Any advice much appreciated as drawing a blank here, especially with no error messages to go on.

Thanks
Eoghan

1 Like

Hi again,
I did some more digging, and the problem seems to be arising during the processing of the HTML. Specifically, the preg_replace_callback to “Perform replacement for ojs://
 URLs” seems to strip all content and return and empty string for $contents (https://github.com/pkp/ojs/blob/master/plugins/generic/htmlArticleGalley/HtmlArticleGalleyPlugin.inc.php#L169) No error is thrown, which would explain the lack of PHP log errors. When the call to preg_replace_callback() is commented out, the HTML Galley renders fine

Some other bits of info that might be useful:

  • This issue doesn’t arise on my dev VM running Ubuntu 18.04 and php 7.2 with the exact same HTML galleys loaded into OJS
  • The problematic, production system is Centos 7 and php 7.4
  • Some (but not all) of the problematic galleys can be quite big (i.e. 5MB+) as the HTML contains base64 encoded images. However, they all render fine on the Ubuntu server and some large galleys (5MB +) also render fine on Centos, so filesize doesn’t seem to be a determiner of the issue

I’d appreciate advice on how to handle this. Is there an issue with commenting out this preg_replace_callback (how often do urls in the form ojs:// appear in the galleys?). Obviously, I’d rather not modify php files locally if at all possible, but this issue is affecting quite a few HTML galleys.

Let me know if you need more information or would like a sample HTML file etc.
Cheers,
Eoghan

1 Like

Hi @eocarragain,

The ojs:// URLs will only be needed if you’ve written your own HTML files to make use of them – which is unlikely. I’m interested in what’s causing this, but unfortunately it’s a very specific combination of configuration to recreate it and I don’t have it here. If you’re able to track it down further, please follow up! I would expect any of the common causes (out of memory, UTF8 mis-encoding, function disabled for security, etc) to leave a trail of crumbs in the error log.

Regards,
Alec Smecher
Public Knowledge Project Team

1 Like

thanks @asmecher. good to know I can safely remove that block.
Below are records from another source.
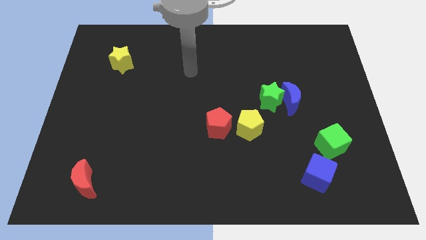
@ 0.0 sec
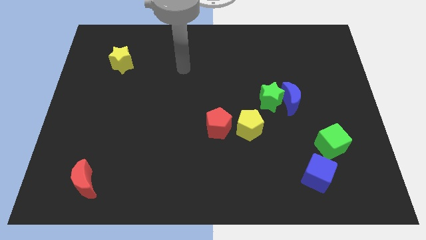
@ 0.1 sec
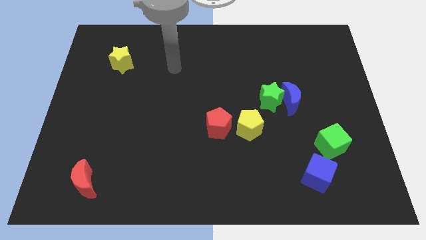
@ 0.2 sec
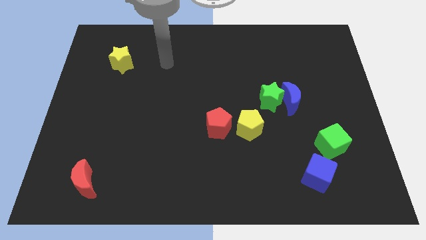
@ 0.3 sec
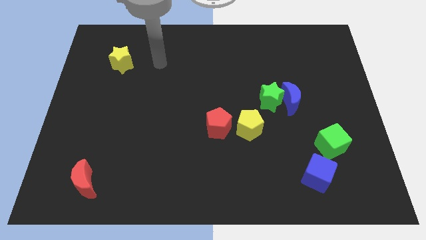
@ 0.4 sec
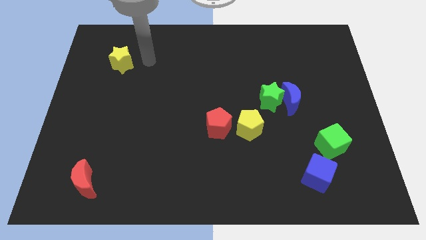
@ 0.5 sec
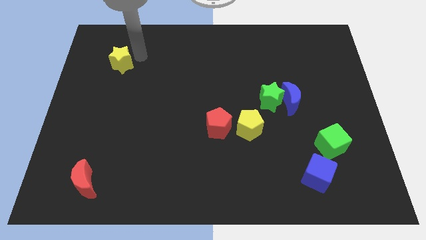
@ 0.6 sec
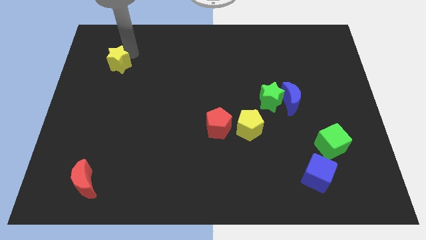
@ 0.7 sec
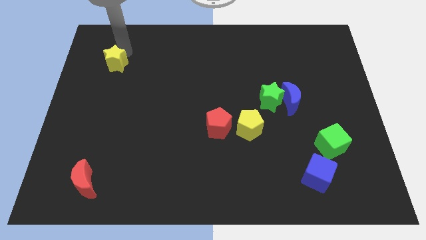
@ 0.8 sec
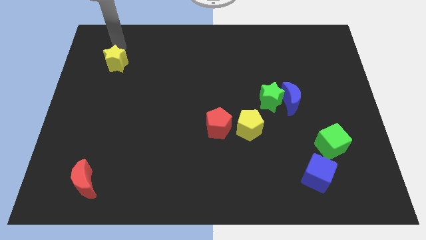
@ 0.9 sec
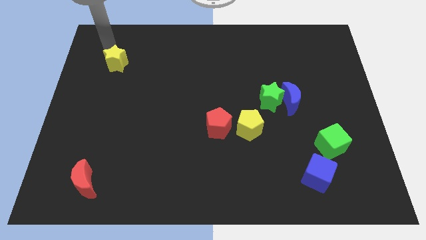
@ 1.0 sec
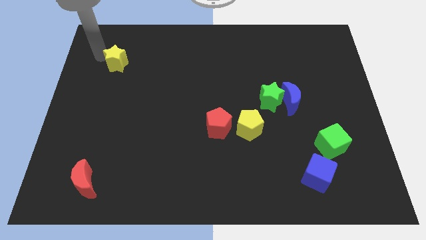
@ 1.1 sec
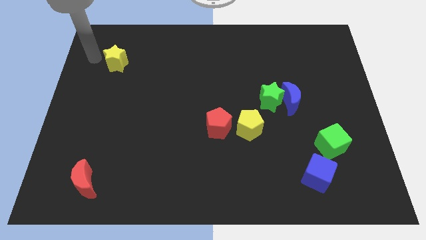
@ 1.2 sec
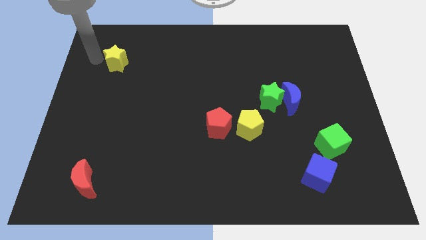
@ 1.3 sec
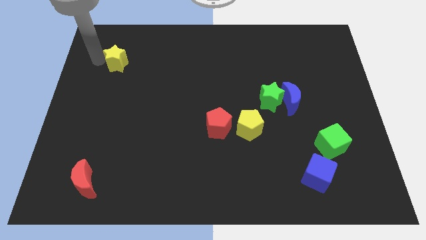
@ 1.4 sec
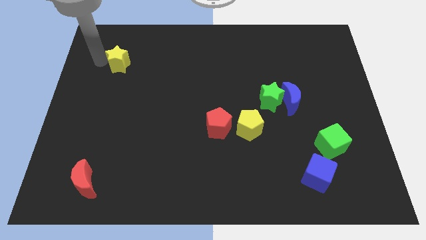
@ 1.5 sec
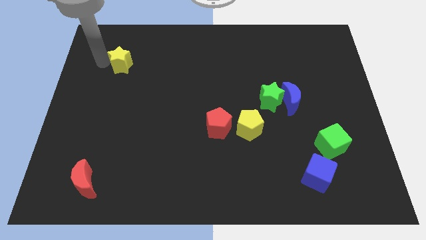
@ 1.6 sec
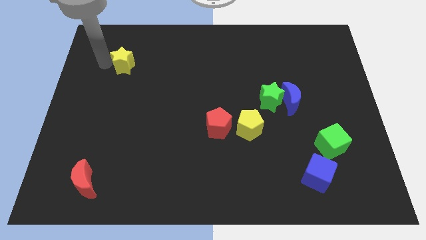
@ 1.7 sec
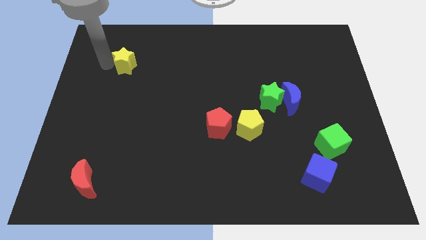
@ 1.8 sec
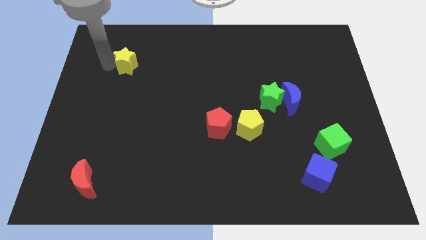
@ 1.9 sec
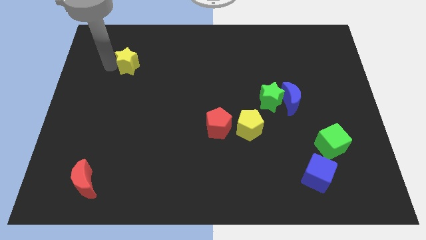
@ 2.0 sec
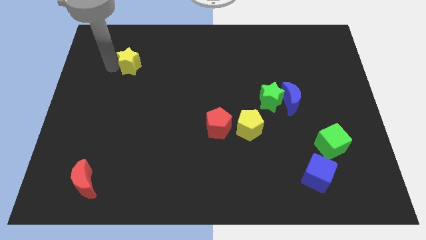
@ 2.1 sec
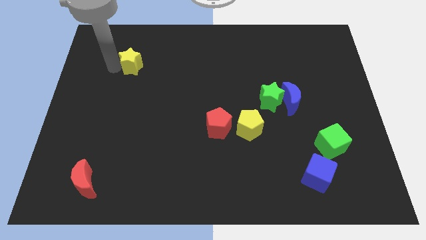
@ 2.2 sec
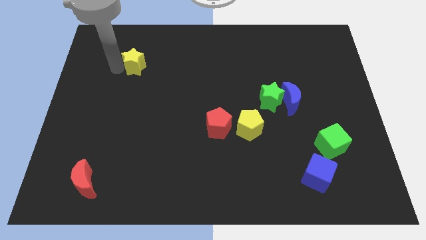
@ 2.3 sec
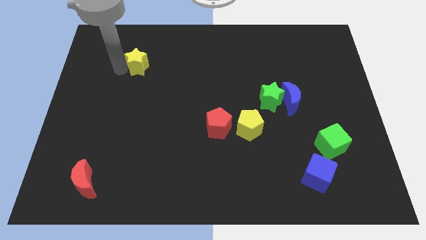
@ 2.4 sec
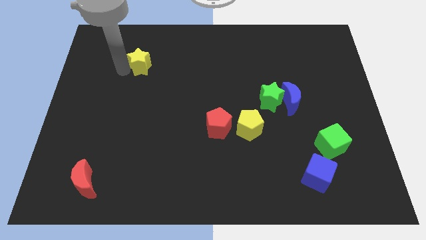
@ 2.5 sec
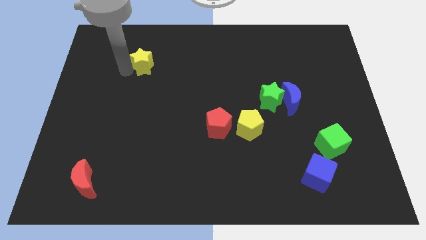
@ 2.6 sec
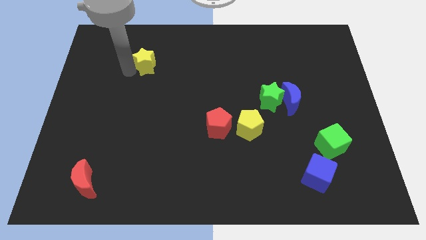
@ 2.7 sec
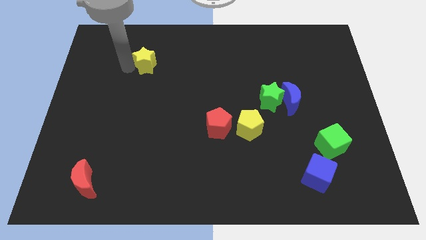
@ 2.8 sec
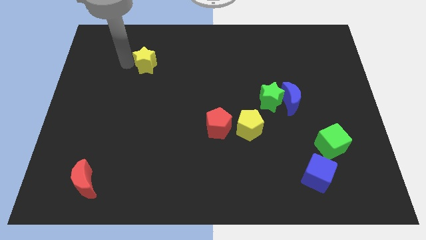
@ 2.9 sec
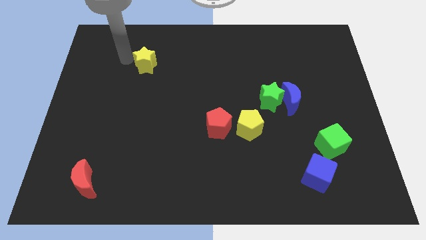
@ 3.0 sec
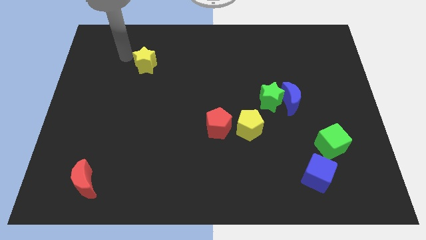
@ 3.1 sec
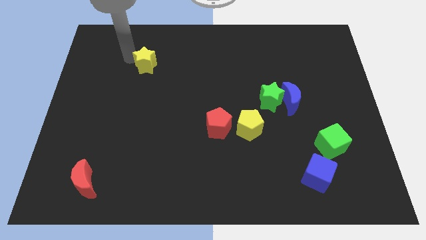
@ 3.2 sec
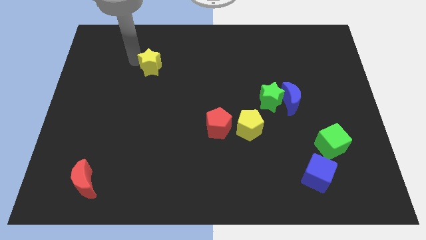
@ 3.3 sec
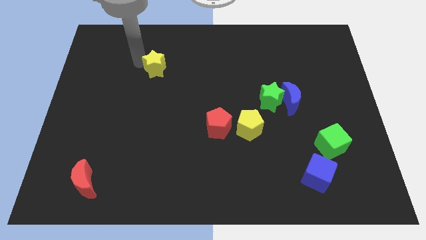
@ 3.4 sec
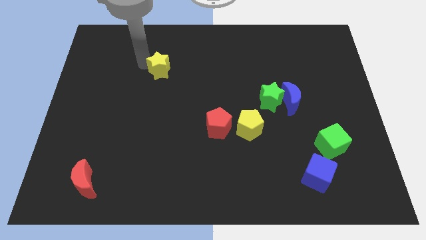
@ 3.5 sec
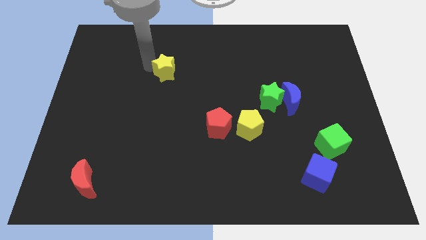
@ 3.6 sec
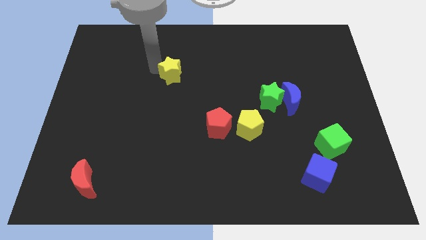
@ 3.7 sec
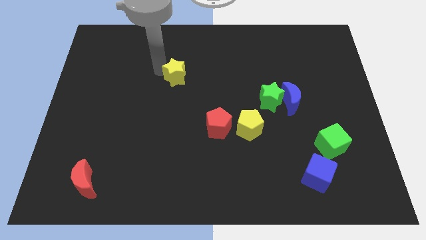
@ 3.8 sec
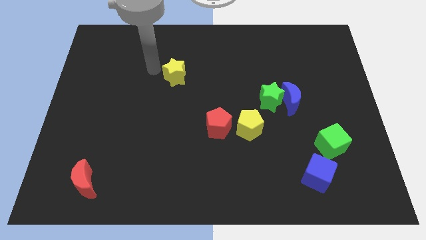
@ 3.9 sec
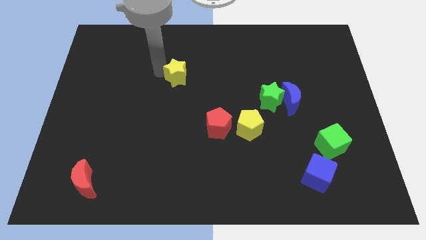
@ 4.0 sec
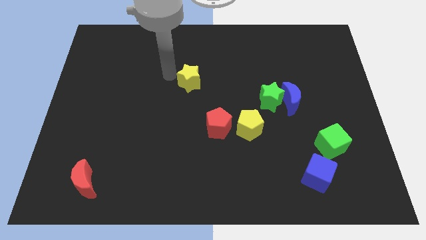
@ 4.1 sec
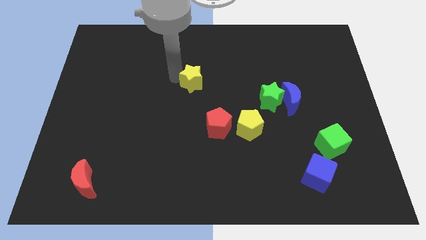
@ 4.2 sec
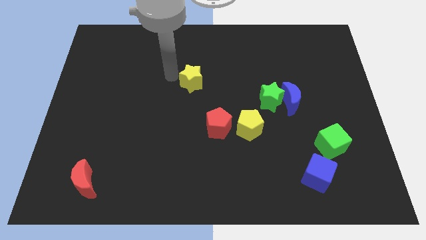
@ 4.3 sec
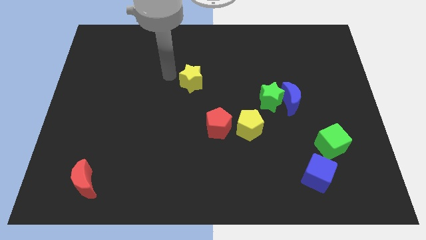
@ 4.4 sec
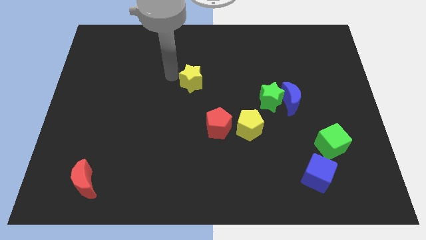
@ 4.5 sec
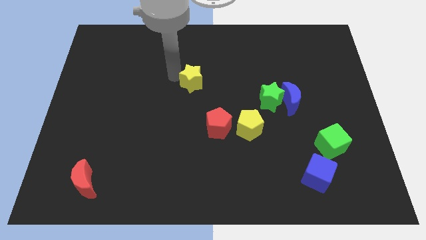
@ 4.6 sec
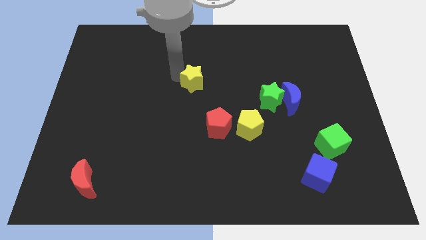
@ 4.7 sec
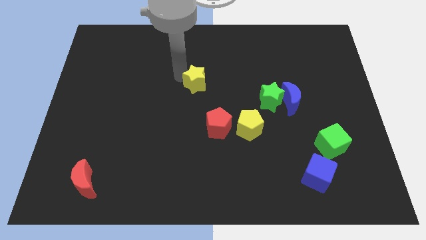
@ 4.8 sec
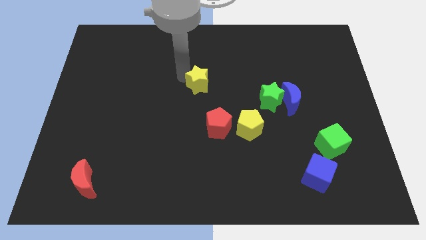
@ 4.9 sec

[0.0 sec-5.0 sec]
slide the yellow star to the top side of the red pentagon

If I get a chance I’ll see if I can narrow the problem down further. Yes, my initial thought was OOM since files are so big, but it is actually set very high in php.ini & as you say you’d expect to see that in the error log. I did wonder about something in the base64 strings causing an issue for the regex but you wouldn’t really expect that to result in no content at all.
Will let you know if we find more since it appears to have affected @Nerijus_Baliunas too.

Eoghan

1 Like

hi @asmecher @Nerijus_Baliunas
another update:

  • so a var_dump showed that $contents was actually null after the call to preg_replace_callback() indicating an (silent) pcre error
  • google brought me to regex - php preg_replace returning null - Stack Overflow which brought me https://www.myintervals.com/blog/2008/01/25/wtf-preg_replace-returns-null/
  • as in that blog preg_last_error() returned an error of ‘2’ indicating the pcre backtrack limit had been exceeded
  • in my php.ini the pcre.backtrack_limit setting was commented out, meaning it was defaulting to 1000000.
  • i increased this to 10000000 which did fix the problem and the galley rendered
  • however i also noticed that pcre.jit was set to 0. Comparing this to my Ubuntu setup, pcre.jit was commented out, i.e. set to 1. Commenting out pcre.jit (or setting it to 1) on the production server also fixed the problem even when backtrack was set to the default
  • in the end I went with just commenting both out (i.e. pcre_backtrack_limit=1000000 and pcre.jit=1)

A few things:

  • i inherited this VM, but the pcre.jit=0 may well be a default Centos or remi rpm php default, so may catch other people out
    *it might be an idea to check if $contents is null after the call to preg_replace_callback() and either a) substitute back the value of $contents before attempting the call or ;b) at least throwing a meaningful error that will get logged in PHP error log.

Happy to test a patch etc.

For now I’m happy because I have been able to revert the php file, so I don’t have to worry about it at the next upgrade but would be good to handle this edge case more generally. The length of the html file (and the inline base64 images) was likely a factor as probably affected the backtrack limit being exceeded in some cases. That means it probably won’t affect too many people with more normal HTML galleys, but even so it would be nice to handle gracefully.

Hope this helps. Cheers,
Eoghan

1 Like

Hi @eocarragain,

Good spotting! That’s a weird one (of the sort that turns people off PHP).

I’m not sure why this caused problems with calls to preg_replace_callback and not e.g. preg_replace, which is used several times with similarly-constructed regular expressions in nearby code. And a bit of local experimentation does suggest that the JIT option appears to decrease the backtrack requirements for some regular expressions.

So for the moment I’d lean towards simply checking and reporting errors as a baseline; if others start hitting these limits, we can look at implementation changes.

To add warnings, this should work: Watch for preg match limit https://forum.pkp.sfu.ca/t/html-galleys-em
 · pkp/ojs@474bce7 · GitHub

Regards,
Alec Smecher
Public Knowledge Project Team

3 Likes

Hi @asmecher,
That looks like a good approach. Cheers
Eoghan